After running into these issues, I took a step back to reflect on why using interfaces on MonoBehaviour classes felt like I was fighting the framework. The answer is quite simple. Unity is a component based engine where each component is comprised of MonoBehaviour references. Interfaces are a means to apply different functionality to a single class. If you combine the two you are basically building components (interfaces) that are attached to components (MonoBehaviours) that are attached to GameObjects!

So in essence, I was solving a problem Unity already has solved with MonoBehaviours which is how they expect developers to add functionality to an object. Since fighting frameworks have always led to pain and suffering (okay, maybe that is a hyperbole) I decided to scrap all of the code I wrote relating to interfaces for something that works with the engine.

Polymorphism to the rescue!

Polymorphism was the perfect fit for this. If it’s been a while since your last programming class and you can’t quite remember exactly what that is, here is a quick refresher.

Polymorphism requires a base class which contains virtual methods along with classes that inherit from your base class. Here is how the example above would look as a base class:

public class MotionController : MonoBehaviour {
    public float TriggerPosition { get; set; }
    public virtual vector3 GetVelocity() { }
    public virtual vector3 GetRotationalVelocity() { }
    // And so on...
}

Notice how the class inherits from MonoBehaviour. That means we inherit all the functionality from MonoBehaviour and include the extra MotionController functionality.

So an implementation of this would look something like:

public class OculusMotionController : MotionController {
    public override vector3 GetVelocity() {
        return GetOculusTouchVelocity();
    }

    public override vector3 GetAngularVelocity() {
        return GetOculusTouchAngularVelocity();
    }

    public Update() {
        TriggerPosition = GetOculusTouchTriggerPosition();
        // more code
    }
    // ... and so on
}

As with the MotionController class inheriting the functionality of MonoBehaviour, OculusMotionController inherits all functionality of MotionController as well as MonoBehaviour. That means the only thing you have to define in the MotionController class is the object’s functionality and anything that has reference to it can get access to all of the properties GameObject provides like Rigidbody, the object name or even getting access to other components via GetComponent<>();

This brings me to my next point, and probably the biggest win for this over using interfaces. Getting a reference to one of these object is super simple. All I need to do is call myGameObject.GetComponent<MotionController>() and I have reference to the object no matter if it is of type ViveMotionController, OculusMotionController or something else I decide to support in the future.
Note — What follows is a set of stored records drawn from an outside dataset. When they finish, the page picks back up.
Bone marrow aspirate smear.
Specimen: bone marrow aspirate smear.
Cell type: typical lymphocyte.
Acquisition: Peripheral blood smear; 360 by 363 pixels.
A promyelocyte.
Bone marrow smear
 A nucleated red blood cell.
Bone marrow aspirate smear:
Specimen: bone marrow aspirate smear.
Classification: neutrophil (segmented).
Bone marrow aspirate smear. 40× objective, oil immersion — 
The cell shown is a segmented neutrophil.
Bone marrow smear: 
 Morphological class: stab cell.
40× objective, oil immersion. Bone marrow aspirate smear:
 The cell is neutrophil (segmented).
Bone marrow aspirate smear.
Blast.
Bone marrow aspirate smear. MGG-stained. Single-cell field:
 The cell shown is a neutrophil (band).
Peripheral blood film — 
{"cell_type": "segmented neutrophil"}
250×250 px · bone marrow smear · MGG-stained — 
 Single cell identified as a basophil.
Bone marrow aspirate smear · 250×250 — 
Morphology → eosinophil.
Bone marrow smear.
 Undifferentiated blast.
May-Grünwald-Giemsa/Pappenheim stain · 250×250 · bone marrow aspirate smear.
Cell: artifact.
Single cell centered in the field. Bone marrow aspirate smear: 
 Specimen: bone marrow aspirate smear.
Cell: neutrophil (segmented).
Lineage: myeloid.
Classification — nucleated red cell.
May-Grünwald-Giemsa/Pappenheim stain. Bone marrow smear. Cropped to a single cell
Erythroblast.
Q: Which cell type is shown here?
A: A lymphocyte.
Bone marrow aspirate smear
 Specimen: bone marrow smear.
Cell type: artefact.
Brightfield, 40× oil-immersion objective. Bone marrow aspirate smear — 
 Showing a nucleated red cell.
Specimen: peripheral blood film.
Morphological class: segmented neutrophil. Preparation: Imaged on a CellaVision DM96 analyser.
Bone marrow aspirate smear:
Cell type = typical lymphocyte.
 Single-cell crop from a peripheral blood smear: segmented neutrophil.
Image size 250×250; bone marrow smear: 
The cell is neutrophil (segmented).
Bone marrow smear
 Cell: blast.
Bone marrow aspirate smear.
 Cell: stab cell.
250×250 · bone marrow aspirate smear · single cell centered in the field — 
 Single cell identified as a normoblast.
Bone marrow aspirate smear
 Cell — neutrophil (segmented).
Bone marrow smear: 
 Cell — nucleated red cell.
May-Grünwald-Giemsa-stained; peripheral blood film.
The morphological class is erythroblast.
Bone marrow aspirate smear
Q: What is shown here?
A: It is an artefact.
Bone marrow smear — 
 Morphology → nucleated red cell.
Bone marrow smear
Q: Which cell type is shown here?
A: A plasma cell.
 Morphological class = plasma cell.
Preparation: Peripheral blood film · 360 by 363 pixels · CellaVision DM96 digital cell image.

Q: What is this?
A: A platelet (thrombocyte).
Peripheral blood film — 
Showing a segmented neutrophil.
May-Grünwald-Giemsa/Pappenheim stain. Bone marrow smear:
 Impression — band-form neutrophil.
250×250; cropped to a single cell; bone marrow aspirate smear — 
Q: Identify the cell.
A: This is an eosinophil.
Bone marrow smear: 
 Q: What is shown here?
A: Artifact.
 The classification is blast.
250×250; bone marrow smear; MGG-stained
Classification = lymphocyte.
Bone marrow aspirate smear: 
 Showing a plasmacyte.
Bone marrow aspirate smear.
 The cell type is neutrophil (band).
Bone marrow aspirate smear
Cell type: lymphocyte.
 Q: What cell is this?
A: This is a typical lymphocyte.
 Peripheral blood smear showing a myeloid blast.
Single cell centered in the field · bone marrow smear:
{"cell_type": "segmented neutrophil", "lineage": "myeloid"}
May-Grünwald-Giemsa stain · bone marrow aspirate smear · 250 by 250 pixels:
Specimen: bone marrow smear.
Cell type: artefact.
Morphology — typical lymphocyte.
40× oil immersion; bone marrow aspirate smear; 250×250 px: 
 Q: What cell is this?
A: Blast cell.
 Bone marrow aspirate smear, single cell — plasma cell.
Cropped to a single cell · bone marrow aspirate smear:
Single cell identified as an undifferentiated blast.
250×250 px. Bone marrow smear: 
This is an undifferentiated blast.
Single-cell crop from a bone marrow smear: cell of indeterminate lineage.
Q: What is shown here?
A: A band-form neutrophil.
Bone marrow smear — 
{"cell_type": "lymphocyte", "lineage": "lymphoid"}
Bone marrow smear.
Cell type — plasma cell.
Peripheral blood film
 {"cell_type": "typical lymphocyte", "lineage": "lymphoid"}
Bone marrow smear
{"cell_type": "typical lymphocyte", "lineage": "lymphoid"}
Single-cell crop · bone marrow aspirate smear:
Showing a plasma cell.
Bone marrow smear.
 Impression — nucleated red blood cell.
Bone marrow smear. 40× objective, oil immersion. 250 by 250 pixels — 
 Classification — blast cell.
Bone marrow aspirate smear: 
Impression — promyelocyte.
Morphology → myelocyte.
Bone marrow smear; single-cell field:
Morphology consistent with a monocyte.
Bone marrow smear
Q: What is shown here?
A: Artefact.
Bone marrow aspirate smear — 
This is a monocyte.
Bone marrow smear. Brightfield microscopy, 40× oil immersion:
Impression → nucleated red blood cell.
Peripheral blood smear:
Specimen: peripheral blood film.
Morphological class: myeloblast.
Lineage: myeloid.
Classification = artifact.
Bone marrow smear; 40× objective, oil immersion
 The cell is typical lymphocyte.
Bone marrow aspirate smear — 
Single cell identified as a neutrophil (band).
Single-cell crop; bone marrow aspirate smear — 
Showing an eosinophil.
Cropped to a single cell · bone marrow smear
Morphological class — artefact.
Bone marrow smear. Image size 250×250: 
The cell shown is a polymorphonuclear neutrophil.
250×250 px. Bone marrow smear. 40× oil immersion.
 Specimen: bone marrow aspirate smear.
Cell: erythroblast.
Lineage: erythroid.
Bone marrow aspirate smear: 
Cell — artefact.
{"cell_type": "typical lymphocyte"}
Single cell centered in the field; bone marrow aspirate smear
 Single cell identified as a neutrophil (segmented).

After making the switch to using polymorphism over interfaces, my code shrunk down by a lot and made it much easier to follow to boot which is a win for future me who will have to support the code. Now don’t get me wrong, I still think interfaces are super useful, but if they eventually make their way onto a MonoBehaviour, I say avoid it at all costs and you will thank yourself later.

Have any of you run into similar issues with interfaces or other scenarios where you felt like you were fighting your game engine?